Разделавшись с Филадельфией, мы отправились в Кливленд, где на неделю обосновались в «Эмпайре». Потом уехали на поезде в Милуоки, чтобы дать восемь представлений в «Риверсайде».
Пять недель.
Тридцать пять дней.
Я начал кое-что замечать. Ночами, после представлений, иногда я замечал, что чувствую… уныние — пожалуй, я бы это назвал так. Когда битком набитый клуб смеется над твоими прибаутками, хлопает тебе, — это такой кайф, от которого трудно отойти. Но от этого ничуть не легче проводить сумеречные часы в одиночестве, пялясь на скверную живопись на стенах гостиничного номера. После таких бурных выражений любви пустая комната действовала на меня удручающе: я ощущал себя еще более одиноким. Конечно, можно было проводить время с Сидом, но Сид, пусть и друг мне, все-таки не мог бы поднять мне настроение. Оставалось спиртное, но привыкать к нему у меня не было никакого желания. Еще была Томми. Стоило мне только подумать о ней после представления, лежа на кровати и глядя в потолок, и я начинал думать о ней все больше. Чем больше я о ней думал, тем больше мне хотелось услышать ее голос. Я звонил, слышал ее голос… и мне делалось еще более одиноко. Иногда, когда на меня нападала такая тоска, я позволял себе выпить полпорции чего-нибудь, потом засыпал. Если везло, мне снилась Томми.
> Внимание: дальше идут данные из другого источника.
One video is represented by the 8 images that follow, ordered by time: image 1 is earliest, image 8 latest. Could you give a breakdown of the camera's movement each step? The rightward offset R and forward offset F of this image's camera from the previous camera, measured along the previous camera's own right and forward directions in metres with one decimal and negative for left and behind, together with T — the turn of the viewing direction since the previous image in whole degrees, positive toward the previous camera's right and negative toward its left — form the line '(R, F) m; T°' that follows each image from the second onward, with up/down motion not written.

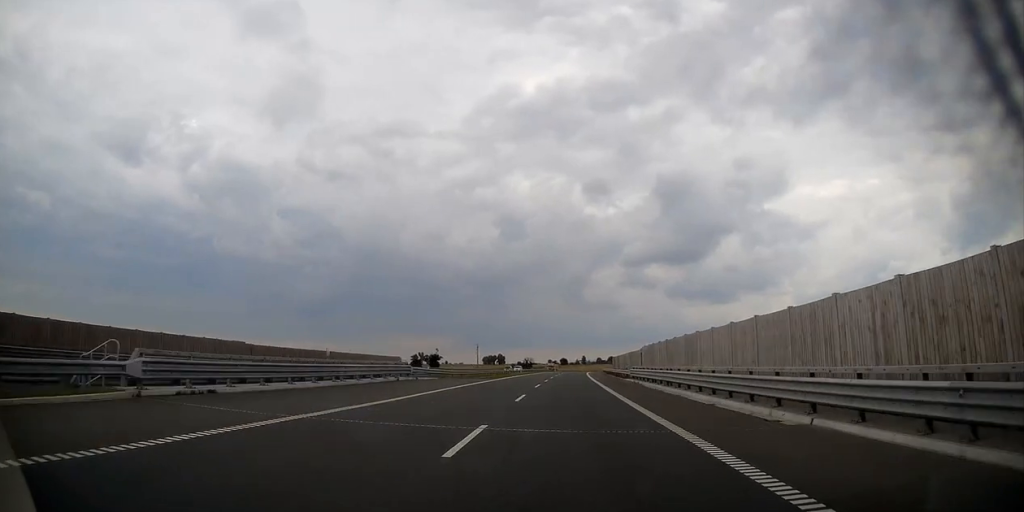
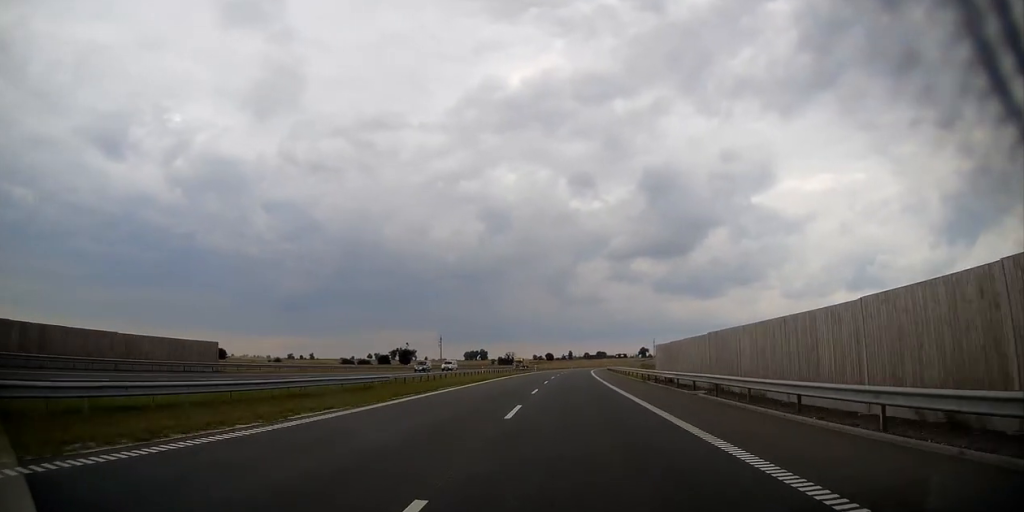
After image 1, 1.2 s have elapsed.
(+0.8, +52.3) m; +1°
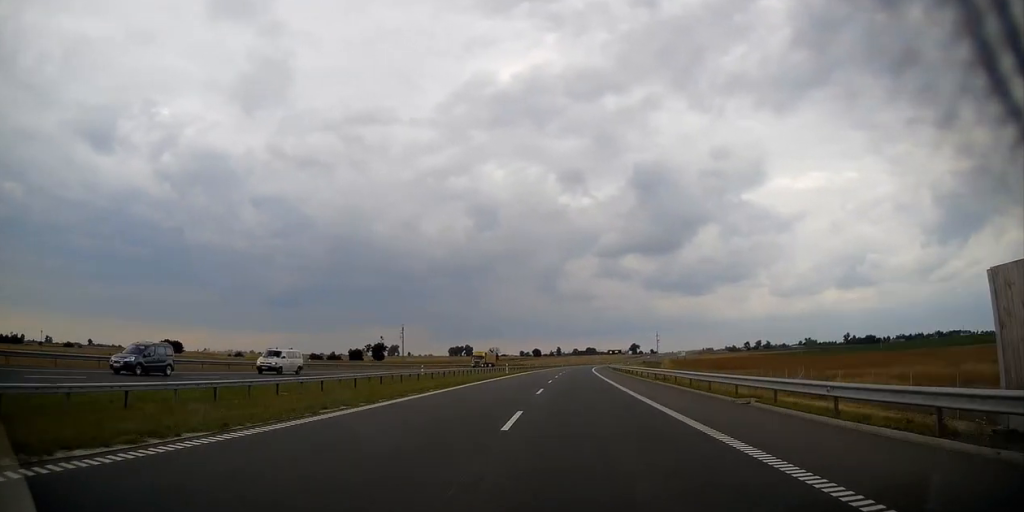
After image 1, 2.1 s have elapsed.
(+0.3, +37.7) m; +1°
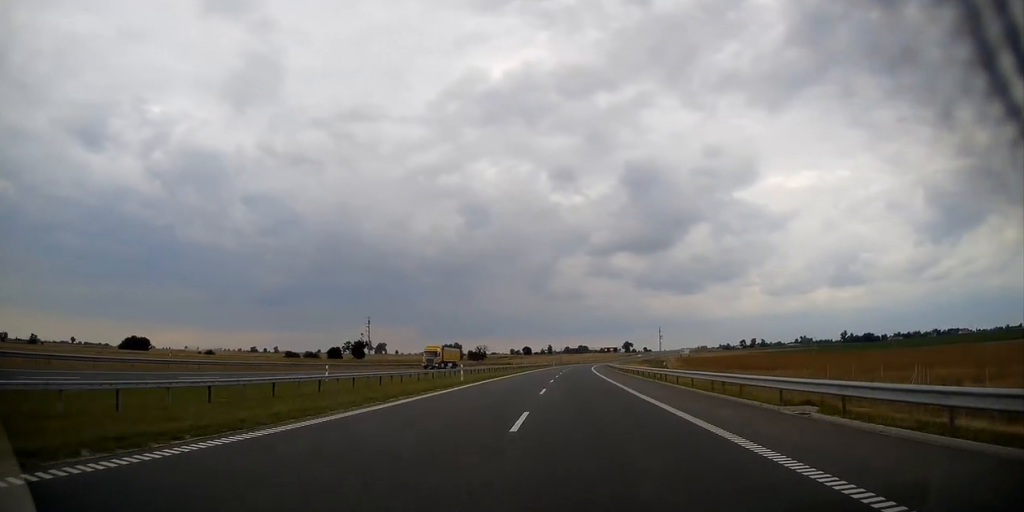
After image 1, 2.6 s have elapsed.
(+0.2, +24.5) m; +1°
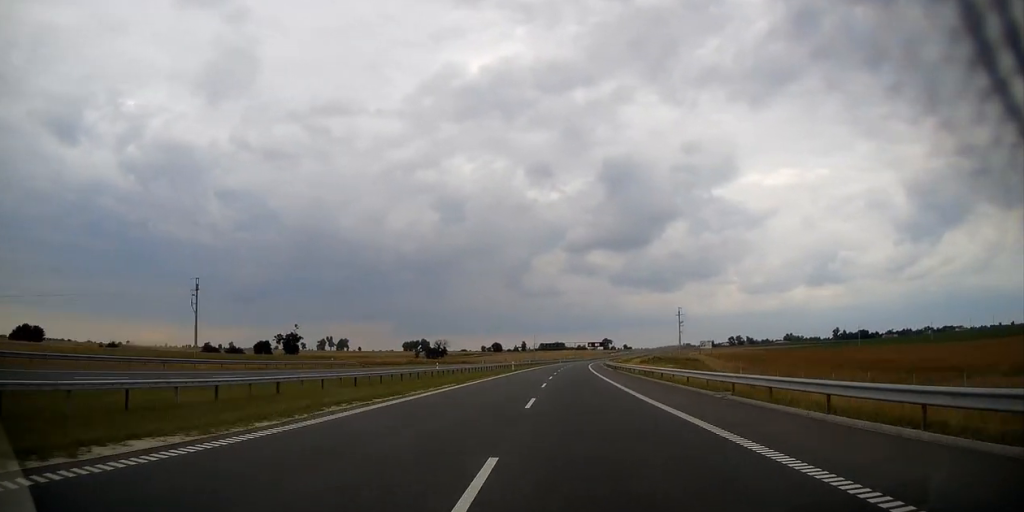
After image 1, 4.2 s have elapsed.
(+1.4, +68.3) m; +2°
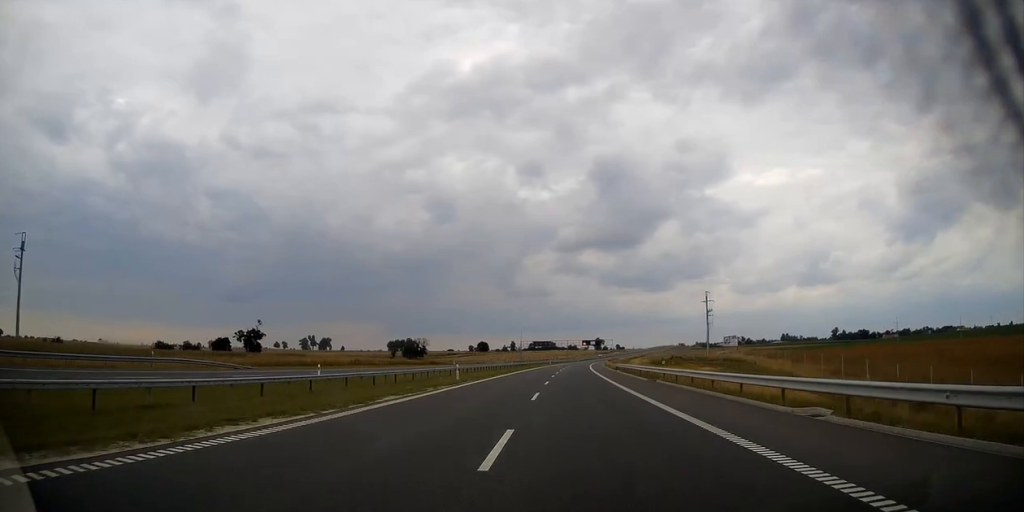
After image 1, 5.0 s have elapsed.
(+0.3, +33.7) m; +1°
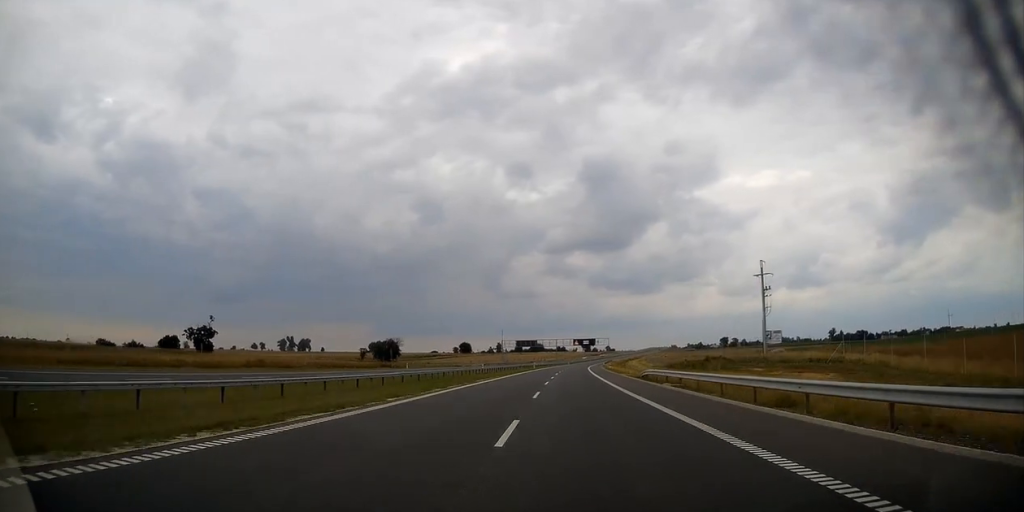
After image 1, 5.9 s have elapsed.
(+0.2, +34.7) m; +1°
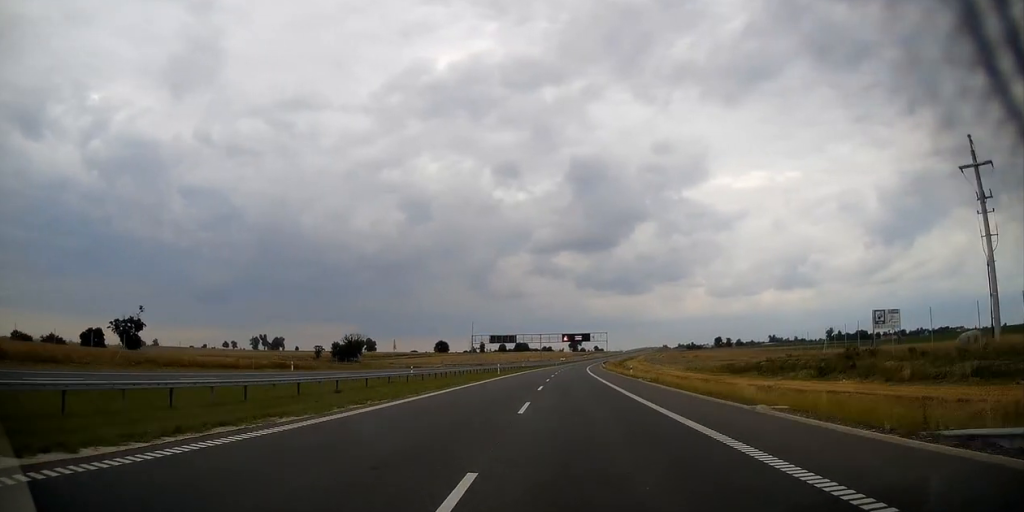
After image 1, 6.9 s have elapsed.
(+0.5, +42.7) m; +1°

После Милуоки был Чикаго, где я выступал на разогреве у Вика Деймона, Синатры-младшего, в «Сент-Клэре». Его жена, эта итальянская красотка-актриса, приходила в клуб каждый вечер. И каждый вечер, слушая, как поет муж, плакала чуть ли не навзрыд. Видно, совсем от него без ума была.
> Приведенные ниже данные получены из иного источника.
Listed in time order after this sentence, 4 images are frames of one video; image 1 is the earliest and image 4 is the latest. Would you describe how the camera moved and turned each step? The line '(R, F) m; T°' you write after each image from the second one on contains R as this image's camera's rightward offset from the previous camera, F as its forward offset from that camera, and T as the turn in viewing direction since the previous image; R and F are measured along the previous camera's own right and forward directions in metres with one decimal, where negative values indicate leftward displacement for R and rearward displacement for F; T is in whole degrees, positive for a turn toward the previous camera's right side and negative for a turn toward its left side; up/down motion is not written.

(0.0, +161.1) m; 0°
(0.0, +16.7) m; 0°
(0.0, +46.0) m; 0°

Я трудился над этими чикагскими представлениями. Трудился изо всех сил. Я оттачивал и шлифовал свою программу. Уплотнил ее, потом сделал еще плотнее. Я чувствовал себя бойцом, который готовится к сражению. Эта неделя в Чикаго была моей последней неделей перед отъездом в Майами, перед тем, как через «Фонтенбло» проложить путь к «Копе».
А еще это была последняя неделя моей жизни, в которой мне едва не довелось подвергнуться линчеванию.
Майами был жемчужиной, раем для отдыхающих, состоявшим из гостиниц в стиле «ар деко» и пляжных курортов. Родной дом для богачей, пристанище для звезд, игровая площадка для всех, у кого достаточно денег, чтобы ими швыряться. Майами был восточным Голливудом, Лас-Вегасом с океанским побережьем. Шик, блеск, прибой и солнце.
И вот там-то жило самое отъявленное белое отребье, гопники, самые оголтелые негроненавистники во всей Америке. А почему бы нет? Флорида расположена на юге Америки. Виргиния, Северная и Южная Каролина, а затем уж Флорида — еще южнее. Миссисипи, Алабама, — и вам нужно еще немного проехать к югу, чтобы попасть во Флориду. Флорида — это еще ниже.
Совершенная преисподняя.
Это сходство пришло мне на ум значительно позже.
Как только мы с Сидом вышли из вагона поезда, нам сразу же бросились в глаза знаки и таблички расистского характера. Они были буквально повсюду. ТОЛЬКО ДЛЯ БЕЛЫХ. ЦВЕТНЫМ ВХОД ВОСПРЕЩЕН. Одна очень мило гласила: СОБАКИ И НИГГЕРЫ НЕ ДОПУСКАЮТСЯ.